#### Your objective
Please copy every line of the records below that holds the word "semibold".

#### Records
───

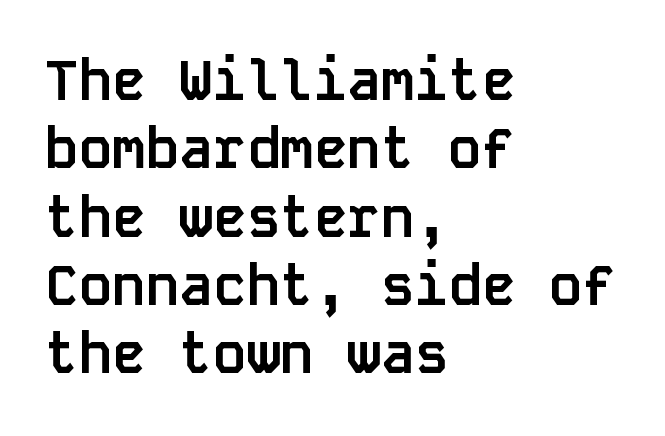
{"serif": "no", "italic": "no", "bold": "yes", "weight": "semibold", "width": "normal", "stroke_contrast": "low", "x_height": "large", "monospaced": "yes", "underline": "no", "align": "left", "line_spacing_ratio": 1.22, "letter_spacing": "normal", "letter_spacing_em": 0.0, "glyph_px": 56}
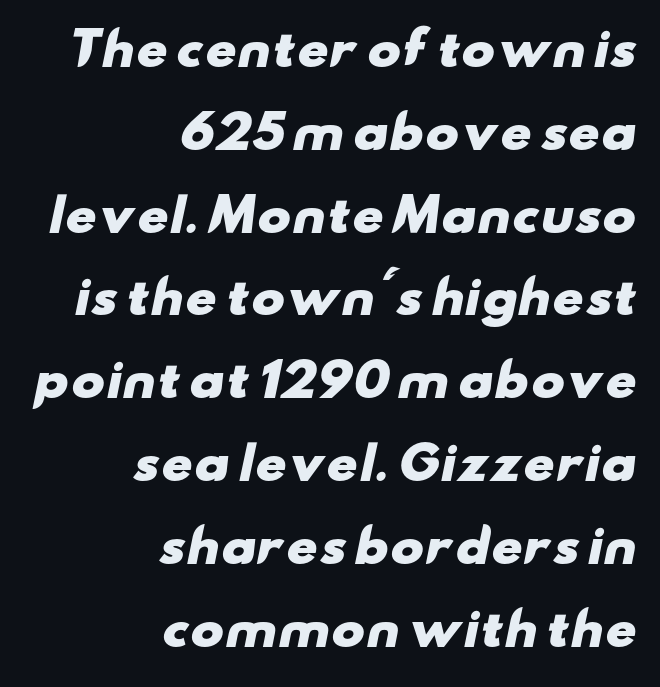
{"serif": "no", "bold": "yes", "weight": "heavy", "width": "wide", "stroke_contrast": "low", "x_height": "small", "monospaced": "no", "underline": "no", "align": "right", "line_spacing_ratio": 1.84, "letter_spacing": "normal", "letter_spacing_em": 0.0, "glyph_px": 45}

───

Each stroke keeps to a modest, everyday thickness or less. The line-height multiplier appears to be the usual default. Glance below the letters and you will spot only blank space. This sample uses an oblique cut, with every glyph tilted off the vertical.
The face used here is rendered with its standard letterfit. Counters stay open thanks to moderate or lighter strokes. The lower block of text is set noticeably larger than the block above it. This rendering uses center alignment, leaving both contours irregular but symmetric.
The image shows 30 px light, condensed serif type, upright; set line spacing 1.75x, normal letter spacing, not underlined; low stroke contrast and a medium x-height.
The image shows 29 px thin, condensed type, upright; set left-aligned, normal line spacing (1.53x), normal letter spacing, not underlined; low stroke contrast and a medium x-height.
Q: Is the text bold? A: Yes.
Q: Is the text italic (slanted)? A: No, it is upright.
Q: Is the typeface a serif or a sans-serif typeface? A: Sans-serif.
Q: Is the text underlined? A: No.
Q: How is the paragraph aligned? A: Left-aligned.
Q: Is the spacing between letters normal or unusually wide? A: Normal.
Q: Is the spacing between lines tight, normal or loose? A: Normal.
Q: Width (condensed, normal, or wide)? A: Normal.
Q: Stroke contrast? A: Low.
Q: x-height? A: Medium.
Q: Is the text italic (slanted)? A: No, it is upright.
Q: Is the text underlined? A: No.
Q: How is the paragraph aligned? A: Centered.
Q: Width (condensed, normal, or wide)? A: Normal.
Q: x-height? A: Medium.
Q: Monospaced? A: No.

───

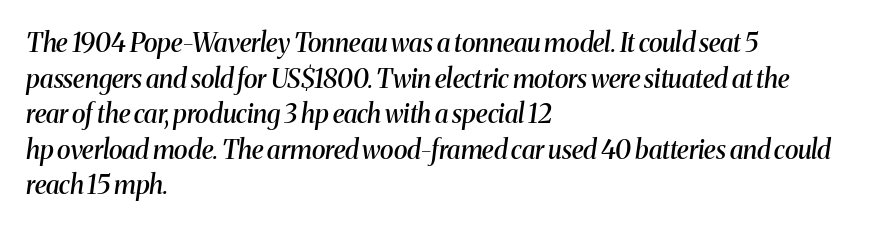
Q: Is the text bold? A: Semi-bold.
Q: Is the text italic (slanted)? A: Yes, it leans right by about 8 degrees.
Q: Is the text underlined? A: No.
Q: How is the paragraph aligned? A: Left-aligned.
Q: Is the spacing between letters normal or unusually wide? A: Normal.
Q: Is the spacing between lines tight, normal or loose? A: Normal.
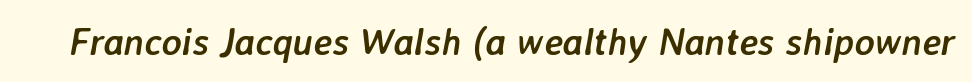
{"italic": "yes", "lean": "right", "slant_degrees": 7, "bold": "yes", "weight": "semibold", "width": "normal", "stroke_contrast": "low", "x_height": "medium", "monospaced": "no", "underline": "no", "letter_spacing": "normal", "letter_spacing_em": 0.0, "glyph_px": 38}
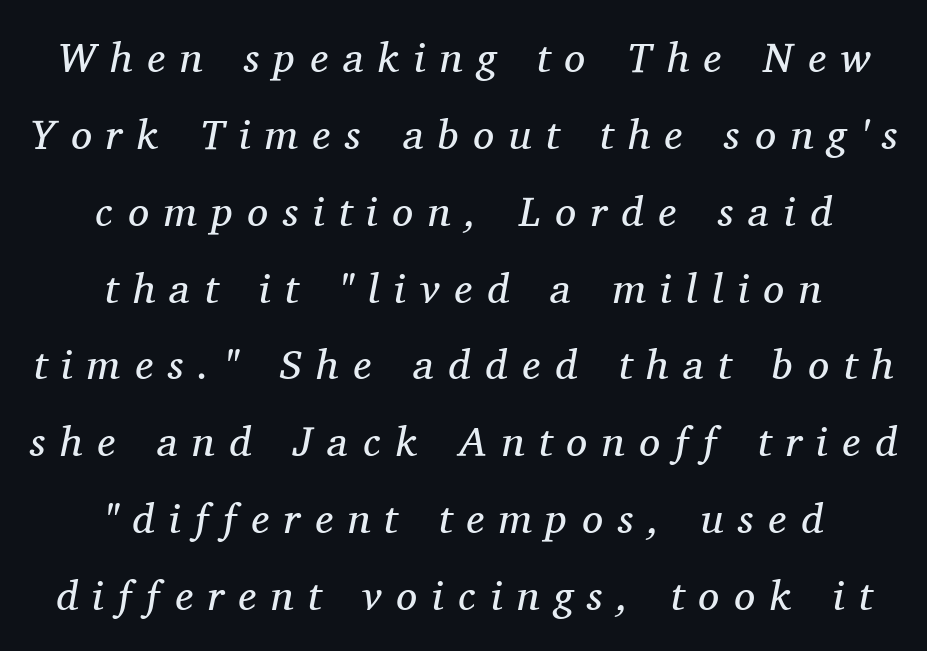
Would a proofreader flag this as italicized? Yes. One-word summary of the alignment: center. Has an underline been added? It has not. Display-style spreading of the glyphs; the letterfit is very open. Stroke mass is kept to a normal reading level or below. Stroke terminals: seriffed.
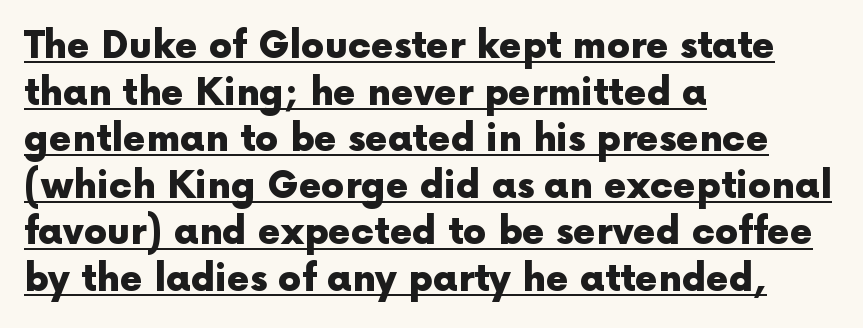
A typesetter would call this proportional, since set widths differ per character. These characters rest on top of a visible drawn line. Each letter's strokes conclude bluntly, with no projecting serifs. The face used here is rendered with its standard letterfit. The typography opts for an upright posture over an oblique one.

───

#### Result of this task
{"serif": "no", "italic": "no", "bold": "yes", "weight": "semibold", "width": "normal", "stroke_contrast": "low", "x_height": "large", "monospaced": "yes", "underline": "no", "align": "left", "line_spacing_ratio": 1.22, "letter_spacing": "normal", "letter_spacing_em": 0.0, "glyph_px": 56}
{"italic": "yes", "lean": "right", "slant_degrees": 7, "bold": "yes", "weight": "semibold", "width": "normal", "stroke_contrast": "low", "x_height": "medium", "monospaced": "no", "underline": "no", "letter_spacing": "normal", "letter_spacing_em": 0.0, "glyph_px": 38}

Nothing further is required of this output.